- **Task details**: Return every line from the one with "country: DK" through the one with "latitude: 43.3740", inclusive, exactly as it appears below.

- **Given records**:
BEGIN

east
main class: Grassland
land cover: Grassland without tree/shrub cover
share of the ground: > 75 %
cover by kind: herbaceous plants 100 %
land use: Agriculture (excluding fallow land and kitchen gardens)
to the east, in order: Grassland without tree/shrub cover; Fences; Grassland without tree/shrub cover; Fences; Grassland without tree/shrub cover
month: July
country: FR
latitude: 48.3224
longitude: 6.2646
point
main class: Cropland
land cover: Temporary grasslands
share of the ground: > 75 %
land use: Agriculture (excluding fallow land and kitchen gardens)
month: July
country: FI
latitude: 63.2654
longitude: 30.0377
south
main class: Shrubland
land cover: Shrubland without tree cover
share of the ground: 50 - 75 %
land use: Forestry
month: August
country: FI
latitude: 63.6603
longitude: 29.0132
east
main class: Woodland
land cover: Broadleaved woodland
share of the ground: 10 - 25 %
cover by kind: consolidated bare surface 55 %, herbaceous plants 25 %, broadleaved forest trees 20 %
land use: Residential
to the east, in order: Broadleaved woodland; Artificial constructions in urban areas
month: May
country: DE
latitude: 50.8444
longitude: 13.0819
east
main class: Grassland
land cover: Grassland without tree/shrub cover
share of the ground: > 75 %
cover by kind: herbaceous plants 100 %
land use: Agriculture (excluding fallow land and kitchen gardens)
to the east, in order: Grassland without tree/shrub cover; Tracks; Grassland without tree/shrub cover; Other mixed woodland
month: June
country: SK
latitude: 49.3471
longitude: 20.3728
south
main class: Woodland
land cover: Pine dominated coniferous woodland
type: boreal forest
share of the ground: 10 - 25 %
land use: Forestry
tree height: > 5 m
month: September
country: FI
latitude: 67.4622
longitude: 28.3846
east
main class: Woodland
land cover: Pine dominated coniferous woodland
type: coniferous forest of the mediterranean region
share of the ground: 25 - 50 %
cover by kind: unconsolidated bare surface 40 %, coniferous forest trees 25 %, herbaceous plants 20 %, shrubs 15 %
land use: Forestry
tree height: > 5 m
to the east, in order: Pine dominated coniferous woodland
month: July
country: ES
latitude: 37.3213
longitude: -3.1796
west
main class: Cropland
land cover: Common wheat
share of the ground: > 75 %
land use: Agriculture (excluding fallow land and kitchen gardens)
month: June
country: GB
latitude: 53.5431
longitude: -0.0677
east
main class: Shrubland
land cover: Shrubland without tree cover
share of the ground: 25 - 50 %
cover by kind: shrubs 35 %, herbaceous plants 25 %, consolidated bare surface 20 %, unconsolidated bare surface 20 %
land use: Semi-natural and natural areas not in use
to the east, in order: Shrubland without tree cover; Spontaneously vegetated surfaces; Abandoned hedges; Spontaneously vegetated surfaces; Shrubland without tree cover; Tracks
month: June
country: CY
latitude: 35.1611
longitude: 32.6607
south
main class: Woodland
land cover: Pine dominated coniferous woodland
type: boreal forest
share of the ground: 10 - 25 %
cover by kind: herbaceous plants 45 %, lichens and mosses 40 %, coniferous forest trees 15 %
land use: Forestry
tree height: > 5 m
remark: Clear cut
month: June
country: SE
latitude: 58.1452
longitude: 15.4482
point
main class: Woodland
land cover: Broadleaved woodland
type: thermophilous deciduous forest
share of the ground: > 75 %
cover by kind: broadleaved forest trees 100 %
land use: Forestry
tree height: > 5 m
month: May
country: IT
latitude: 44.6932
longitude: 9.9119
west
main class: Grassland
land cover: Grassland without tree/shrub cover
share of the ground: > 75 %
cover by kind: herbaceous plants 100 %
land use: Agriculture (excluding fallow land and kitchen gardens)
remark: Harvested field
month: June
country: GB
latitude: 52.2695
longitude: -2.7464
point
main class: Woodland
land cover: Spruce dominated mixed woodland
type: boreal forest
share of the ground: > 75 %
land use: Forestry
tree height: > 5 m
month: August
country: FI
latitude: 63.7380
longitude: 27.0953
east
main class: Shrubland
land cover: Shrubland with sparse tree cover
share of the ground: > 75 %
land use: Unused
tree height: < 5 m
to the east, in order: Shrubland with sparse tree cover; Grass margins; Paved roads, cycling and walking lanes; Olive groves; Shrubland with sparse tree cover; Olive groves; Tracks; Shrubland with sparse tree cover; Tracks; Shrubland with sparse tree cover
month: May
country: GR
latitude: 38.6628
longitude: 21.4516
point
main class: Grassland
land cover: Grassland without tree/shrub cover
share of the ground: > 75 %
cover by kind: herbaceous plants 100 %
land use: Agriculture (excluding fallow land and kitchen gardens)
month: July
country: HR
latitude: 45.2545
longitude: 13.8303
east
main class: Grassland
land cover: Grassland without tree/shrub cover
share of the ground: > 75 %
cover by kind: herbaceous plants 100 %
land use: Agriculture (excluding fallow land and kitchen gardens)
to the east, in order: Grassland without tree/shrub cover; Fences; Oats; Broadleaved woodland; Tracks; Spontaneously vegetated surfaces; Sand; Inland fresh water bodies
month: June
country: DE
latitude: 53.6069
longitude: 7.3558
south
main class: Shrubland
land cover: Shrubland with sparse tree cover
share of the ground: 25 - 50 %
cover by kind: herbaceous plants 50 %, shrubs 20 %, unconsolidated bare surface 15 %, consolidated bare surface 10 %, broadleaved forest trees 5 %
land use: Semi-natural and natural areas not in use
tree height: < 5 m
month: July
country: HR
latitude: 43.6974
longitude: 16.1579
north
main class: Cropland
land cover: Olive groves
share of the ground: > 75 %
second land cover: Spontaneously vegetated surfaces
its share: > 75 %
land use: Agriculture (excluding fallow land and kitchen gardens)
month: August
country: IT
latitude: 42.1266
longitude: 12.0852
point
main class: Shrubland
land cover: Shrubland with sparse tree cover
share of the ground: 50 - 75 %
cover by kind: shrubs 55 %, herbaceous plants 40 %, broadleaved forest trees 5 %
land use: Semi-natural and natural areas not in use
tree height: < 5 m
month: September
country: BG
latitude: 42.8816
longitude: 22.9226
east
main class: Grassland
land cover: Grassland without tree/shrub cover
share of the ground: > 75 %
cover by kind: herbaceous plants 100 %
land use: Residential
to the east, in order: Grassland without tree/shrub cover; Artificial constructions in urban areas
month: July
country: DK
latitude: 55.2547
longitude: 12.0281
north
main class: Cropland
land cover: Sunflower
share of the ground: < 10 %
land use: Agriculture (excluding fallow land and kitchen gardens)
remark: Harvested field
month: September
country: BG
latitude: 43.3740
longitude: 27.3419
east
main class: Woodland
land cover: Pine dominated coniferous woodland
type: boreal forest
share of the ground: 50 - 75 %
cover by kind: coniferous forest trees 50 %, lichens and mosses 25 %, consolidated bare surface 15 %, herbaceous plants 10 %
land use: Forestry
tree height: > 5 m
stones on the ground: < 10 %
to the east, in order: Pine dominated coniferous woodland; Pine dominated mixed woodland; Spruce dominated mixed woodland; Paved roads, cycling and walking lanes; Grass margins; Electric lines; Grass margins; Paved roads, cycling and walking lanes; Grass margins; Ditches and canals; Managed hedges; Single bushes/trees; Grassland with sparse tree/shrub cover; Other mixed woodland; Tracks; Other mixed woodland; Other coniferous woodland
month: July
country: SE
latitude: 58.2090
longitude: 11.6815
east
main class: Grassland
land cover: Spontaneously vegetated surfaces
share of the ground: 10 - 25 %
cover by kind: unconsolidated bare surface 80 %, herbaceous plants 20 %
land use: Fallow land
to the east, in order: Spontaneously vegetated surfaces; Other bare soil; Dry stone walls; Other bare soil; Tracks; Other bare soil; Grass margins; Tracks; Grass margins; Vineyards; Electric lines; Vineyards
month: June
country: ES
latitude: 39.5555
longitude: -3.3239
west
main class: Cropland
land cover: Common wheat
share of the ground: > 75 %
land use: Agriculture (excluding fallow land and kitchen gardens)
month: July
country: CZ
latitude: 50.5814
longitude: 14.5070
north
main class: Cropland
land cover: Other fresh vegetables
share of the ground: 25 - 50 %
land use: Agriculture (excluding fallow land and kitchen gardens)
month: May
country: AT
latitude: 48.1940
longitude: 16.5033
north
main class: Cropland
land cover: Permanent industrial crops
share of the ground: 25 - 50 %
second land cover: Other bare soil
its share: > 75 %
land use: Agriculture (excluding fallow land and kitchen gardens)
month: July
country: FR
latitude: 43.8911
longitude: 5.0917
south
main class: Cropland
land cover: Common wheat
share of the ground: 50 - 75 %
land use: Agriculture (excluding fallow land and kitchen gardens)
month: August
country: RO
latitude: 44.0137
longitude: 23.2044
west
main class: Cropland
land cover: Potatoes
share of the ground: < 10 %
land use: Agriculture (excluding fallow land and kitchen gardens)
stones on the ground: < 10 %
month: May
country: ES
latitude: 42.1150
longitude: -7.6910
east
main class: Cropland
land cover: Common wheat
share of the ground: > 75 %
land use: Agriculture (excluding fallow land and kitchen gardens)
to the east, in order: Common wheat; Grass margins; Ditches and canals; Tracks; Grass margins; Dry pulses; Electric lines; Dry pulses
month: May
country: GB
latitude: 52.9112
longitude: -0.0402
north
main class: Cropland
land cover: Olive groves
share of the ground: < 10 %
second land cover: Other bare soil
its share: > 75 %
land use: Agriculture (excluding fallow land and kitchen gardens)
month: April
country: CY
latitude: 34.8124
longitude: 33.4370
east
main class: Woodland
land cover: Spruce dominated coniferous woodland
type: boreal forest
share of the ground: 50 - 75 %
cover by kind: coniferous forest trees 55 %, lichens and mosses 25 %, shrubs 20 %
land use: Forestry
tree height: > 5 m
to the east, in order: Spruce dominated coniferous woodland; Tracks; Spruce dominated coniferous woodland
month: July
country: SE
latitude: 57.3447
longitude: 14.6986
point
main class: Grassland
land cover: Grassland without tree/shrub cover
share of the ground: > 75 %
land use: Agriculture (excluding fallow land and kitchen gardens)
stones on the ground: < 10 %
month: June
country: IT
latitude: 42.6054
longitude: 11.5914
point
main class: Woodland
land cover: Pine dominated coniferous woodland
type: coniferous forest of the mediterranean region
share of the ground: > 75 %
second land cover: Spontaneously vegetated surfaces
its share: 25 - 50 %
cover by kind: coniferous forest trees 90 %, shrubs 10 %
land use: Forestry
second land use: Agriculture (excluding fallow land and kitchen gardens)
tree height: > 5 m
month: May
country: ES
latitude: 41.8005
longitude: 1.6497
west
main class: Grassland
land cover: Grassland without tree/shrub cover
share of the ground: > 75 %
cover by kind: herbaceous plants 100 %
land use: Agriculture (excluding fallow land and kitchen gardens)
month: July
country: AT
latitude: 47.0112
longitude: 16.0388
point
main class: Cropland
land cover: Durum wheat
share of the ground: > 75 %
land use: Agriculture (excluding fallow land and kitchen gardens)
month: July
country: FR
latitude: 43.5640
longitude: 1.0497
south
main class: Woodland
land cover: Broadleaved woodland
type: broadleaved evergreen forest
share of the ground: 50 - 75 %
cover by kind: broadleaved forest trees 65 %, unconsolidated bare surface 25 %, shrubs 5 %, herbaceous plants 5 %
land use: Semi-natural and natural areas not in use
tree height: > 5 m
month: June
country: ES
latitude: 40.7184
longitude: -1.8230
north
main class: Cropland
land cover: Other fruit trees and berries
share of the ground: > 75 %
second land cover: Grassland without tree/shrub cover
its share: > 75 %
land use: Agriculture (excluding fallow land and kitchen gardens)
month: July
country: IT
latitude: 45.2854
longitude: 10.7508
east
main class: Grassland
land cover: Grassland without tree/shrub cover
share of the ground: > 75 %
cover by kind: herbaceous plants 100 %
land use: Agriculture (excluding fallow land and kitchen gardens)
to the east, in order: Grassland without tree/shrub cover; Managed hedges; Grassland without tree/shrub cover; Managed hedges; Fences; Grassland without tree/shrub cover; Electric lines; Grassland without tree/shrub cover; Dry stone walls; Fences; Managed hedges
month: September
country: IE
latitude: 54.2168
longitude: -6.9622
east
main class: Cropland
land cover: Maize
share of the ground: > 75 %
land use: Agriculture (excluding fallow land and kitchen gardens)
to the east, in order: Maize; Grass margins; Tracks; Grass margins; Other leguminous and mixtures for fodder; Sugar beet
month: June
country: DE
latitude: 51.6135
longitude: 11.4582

END

- **Result for this exercise**:
country: DK
latitude: 55.2547
longitude: 12.0281
north
main class: Cropland
land cover: Sunflower
share of the ground: < 10 %
land use: Agriculture (excluding fallow land and kitchen gardens)
remark: Harvested field
month: September
country: BG
latitude: 43.3740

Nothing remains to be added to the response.